Following that trip to Joshua Tree, the band went back to the desert for another writing excursion, again just the four of them. After that, it was a big decision to bring on collaborators; the list of co-writers includes Australian hitmaker Sarah Aarons, Rami Yacoub, Sarah Hudson, J Hart, Mick Coogan, Sierra Deaton (Hemming’s fiancé), and Michael Pollack.
“We had to learn to want to collaborate again, you know what I mean?,” says Irwin. “Because we had learnt what, in a more mature, refined way…,” he pauses, “what our personal skills were.”

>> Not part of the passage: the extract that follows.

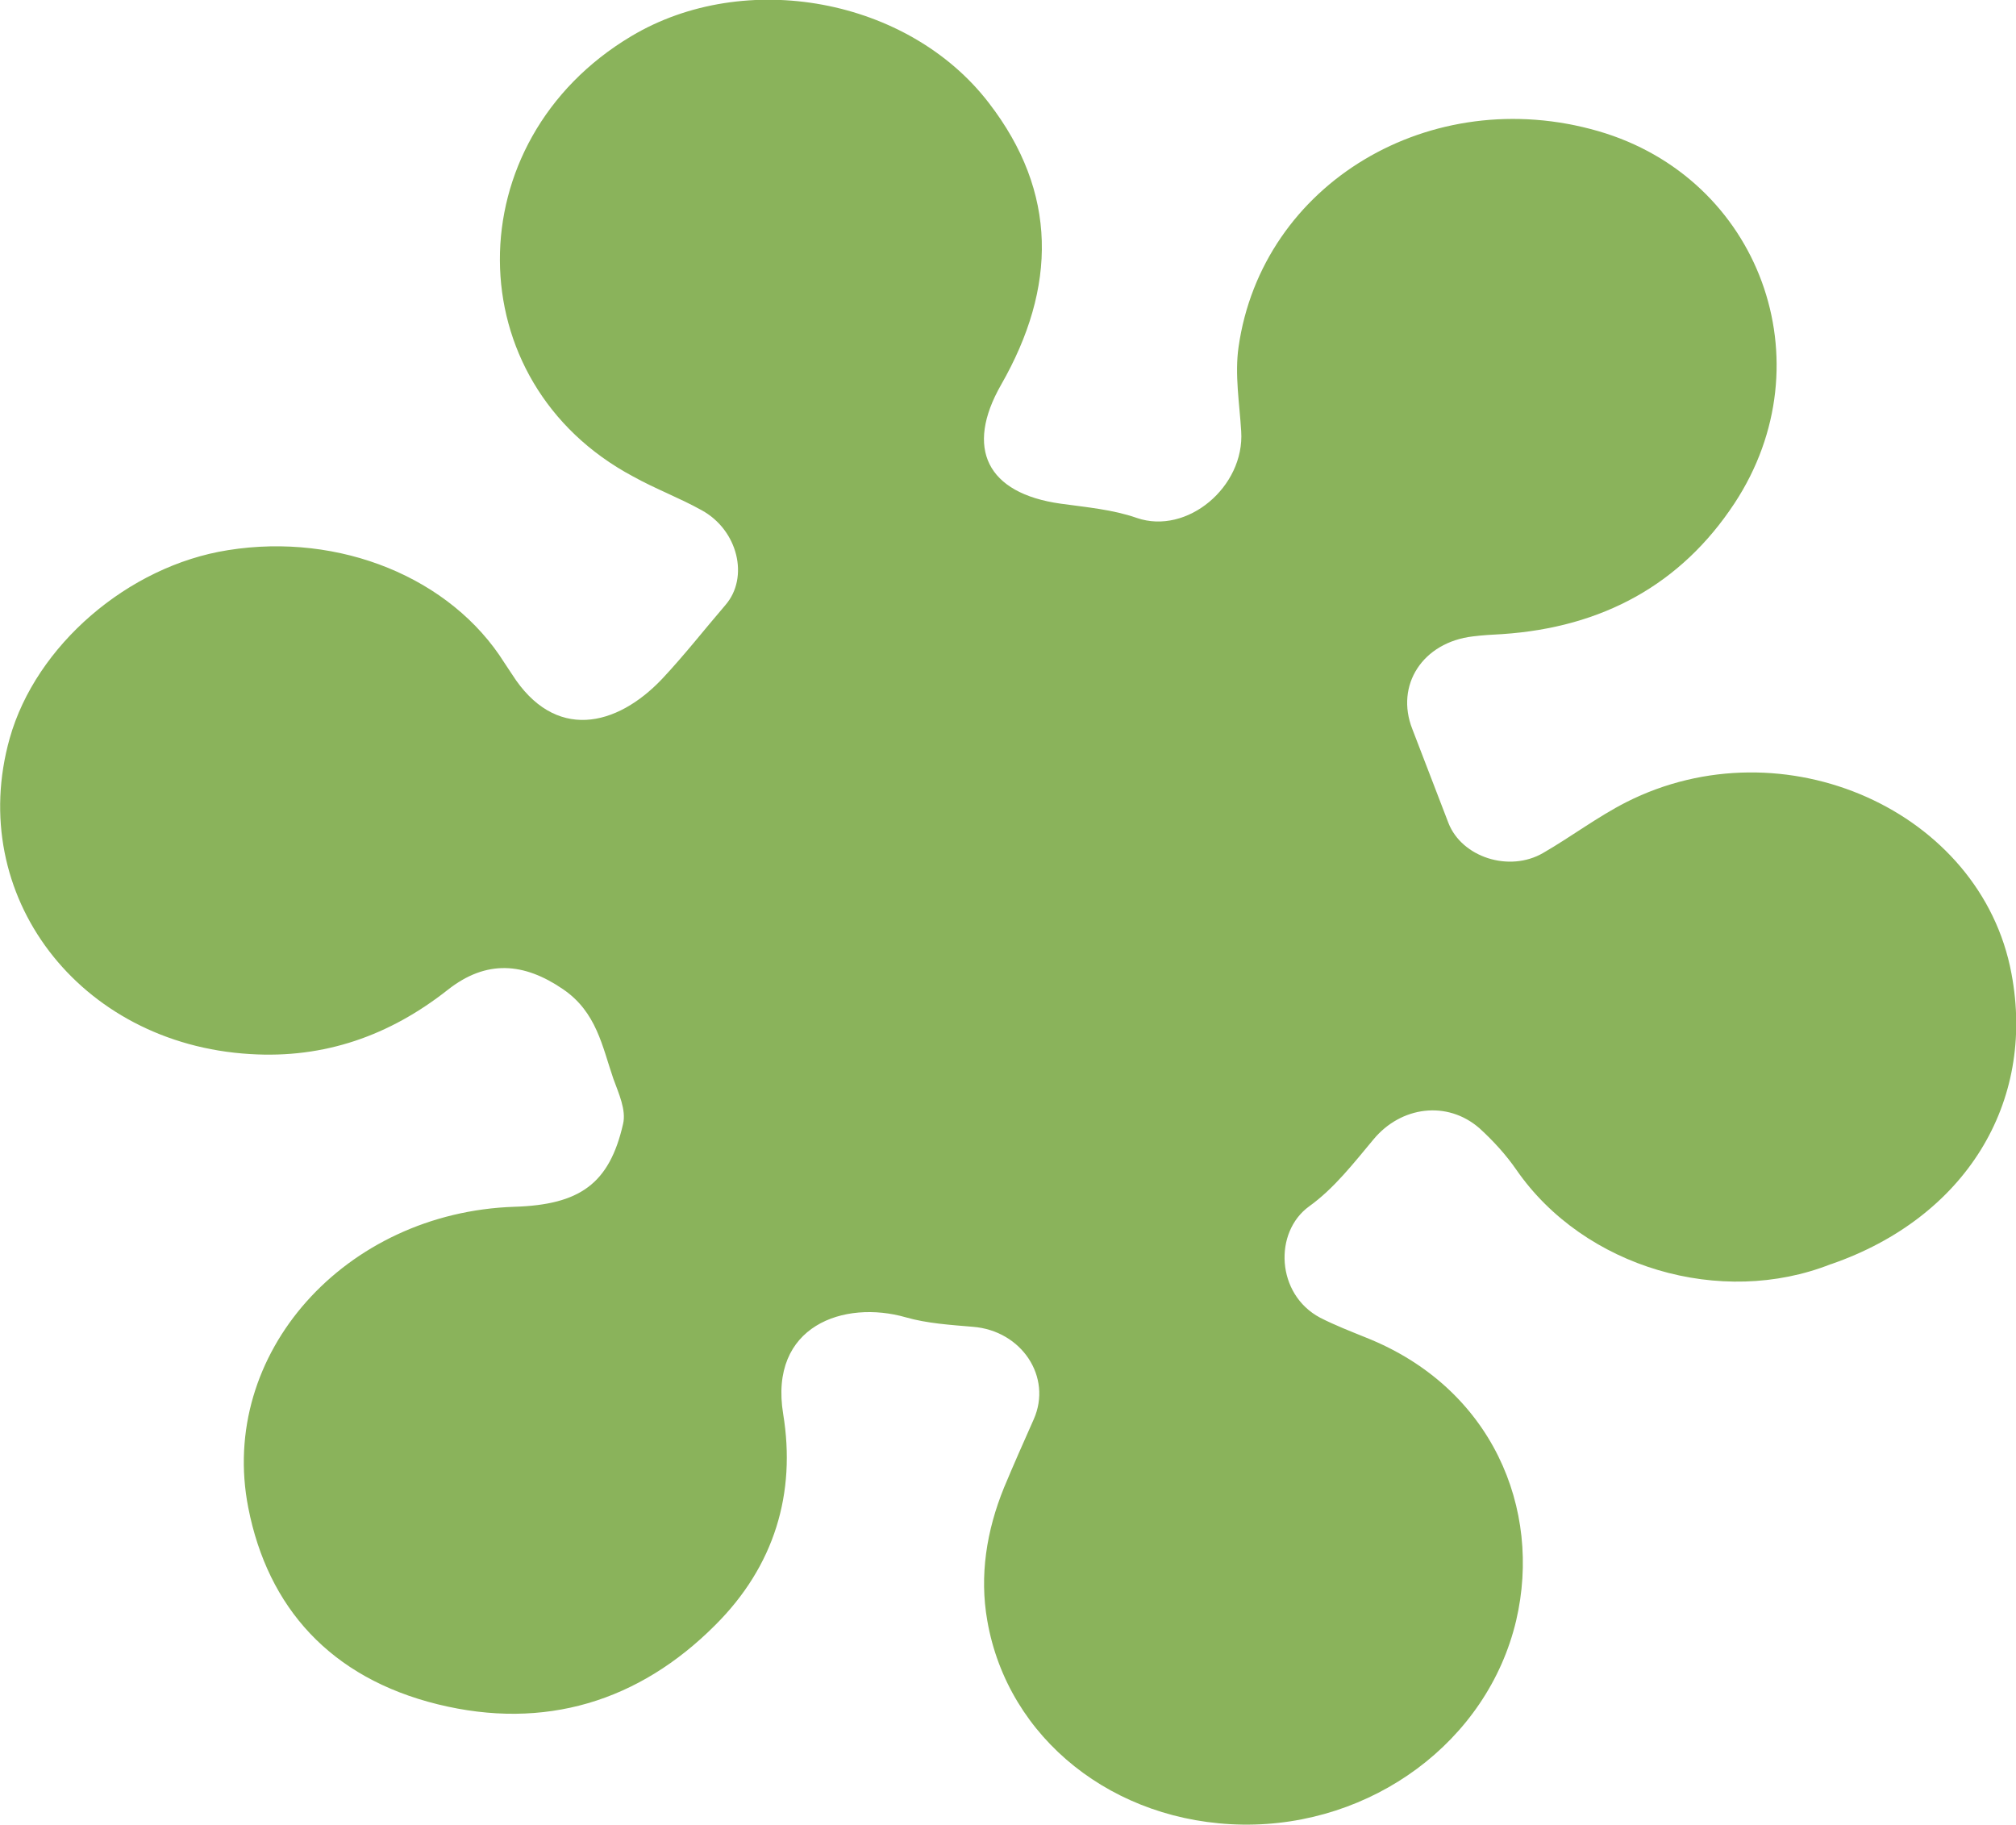 <?xml version="1.0" encoding="UTF-8"?> <svg xmlns="http://www.w3.org/2000/svg" xmlns:xlink="http://www.w3.org/1999/xlink" id="_Слой_2" viewBox="0 0 168.32 152.34"><defs><style>.cls-1{clip-path:url(#clippath);}.cls-2{fill:none;}.cls-3{fill:#8ab35b;}</style><clipPath id="clippath"><rect class="cls-2" width="168.32" height="152.34"></rect></clipPath></defs><g id="_Слой_1-2"><g class="cls-1"><path class="cls-3" d="M152.86,105.54c-9.13,3.62-20.58,.32-26.25-7.87-.87-1.26-1.93-2.42-3.08-3.47-2.7-2.36-6.56-1.84-8.85,.92-1.64,1.96-3.28,4.09-5.37,5.59-2.98,2.15-2.77,7.35,.91,9.3,1.23,.63,2.55,1.14,3.83,1.66,10.54,4.19,14.71,14.31,12.54,23.61-2.39,10.13-12.06,17.2-22.84,17.05-10.75-.15-19.61-7.17-21.32-17.03-.66-3.75-.07-7.5,1.4-11.11,.8-1.92,1.64-3.81,2.48-5.7,1.56-3.53-1.01-7.4-5.08-7.72-1.88-.16-3.82-.28-5.6-.79-5.14-1.48-11.45,.69-10.24,8.08,1.08,6.59-.71,12.68-5.69,17.63-6.35,6.36-14.23,8.79-23.14,6.6-8.98-2.21-14.2-8.09-15.83-16.41-2.53-12.88,8.09-24.66,22.22-25.13,5.46-.17,7.93-1.92,9.07-6.91,.28-1.18-.37-2.56-.81-3.78-.93-2.7-1.4-5.57-4.21-7.48-3.24-2.21-6.38-2.5-9.63,.07-4.83,3.8-10.27,5.74-16.49,5.35-14.3-.85-23.75-13.28-20.07-26.36,2.18-7.75,9.89-14.4,18.23-15.71,9.33-1.49,18.62,2.31,23.07,9.4,.21,.32,.42,.64,.63,.95,3.57,5.64,8.74,4.41,12.54,.4,1.85-1.97,3.52-4.11,5.29-6.17,1.99-2.3,1.05-6.26-2-7.92-1.85-1.03-3.86-1.78-5.71-2.81-14.76-7.87-14.85-28-.15-36.76,9.51-5.68,23.13-3.17,29.84,5.56,5.78,7.48,5.69,15.41,1.03,23.55-3.02,5.29-1.2,9.06,4.98,9.92,2.16,.3,4.36,.49,6.35,1.19,4.21,1.45,9.02-2.61,8.72-7.23-.14-2.34-.55-4.73-.22-7.04,1.95-13.67,16.06-22.07,30.04-18.02,13.46,3.9,19.14,19.27,11.36,31.08-4.45,6.75-11,10.35-19.39,10.91-.81,.04-1.65,.09-2.44,.19-4.19,.49-6.51,4.06-5.06,7.74,1.01,2.59,1.99,5.21,3.01,7.83,1.11,2.86,5.07,4.16,7.91,2.51,2.34-1.35,4.51-3,6.94-4.24,13.13-6.65,29.63,.72,32.16,14.3,2.05,10.84-3.89,20.41-15.06,24.27"></path></g></g></svg>

It’s odd to think that just over a decade earlier, the band were recording DIY cover videos for YouTube using a box for a drum, two guitars, and a bass guitar for Hood borrowed from Irwin’s stepdad. 5SOS grew very quickly from a makeshift acoustic band to selling out arenas. At times, mainly when they come across as overly excited or apprehensive, the band seems like they’re in the early stages of their career. As if they’re in year one, working on album one.
So what’s the secret? What’s in the special sauce that stopped them from becoming a music industry cliché or a candle burned at both ends? Why have they never even toyed with the idea of breaking up? One answer could be that they’re not a manufactured product, brought together by male gatekeepers in suits à la Girls Aloud and Hear’Say. But according to Clifford, it’s more to do with basic respect and continuous forward momentum.
“We just kind of give each other the space to do our own thing and you know, if someone’s being a dick we just say they’re having a bad day and then we move on. And by tomorrow they’re all good,” Clifford says. “[…] Things move so fast and there’s always something new happening every day, that it would be just too much effort to like, go through it all. It’s just like, move on, because something else is going to happen fucking tomorrow.”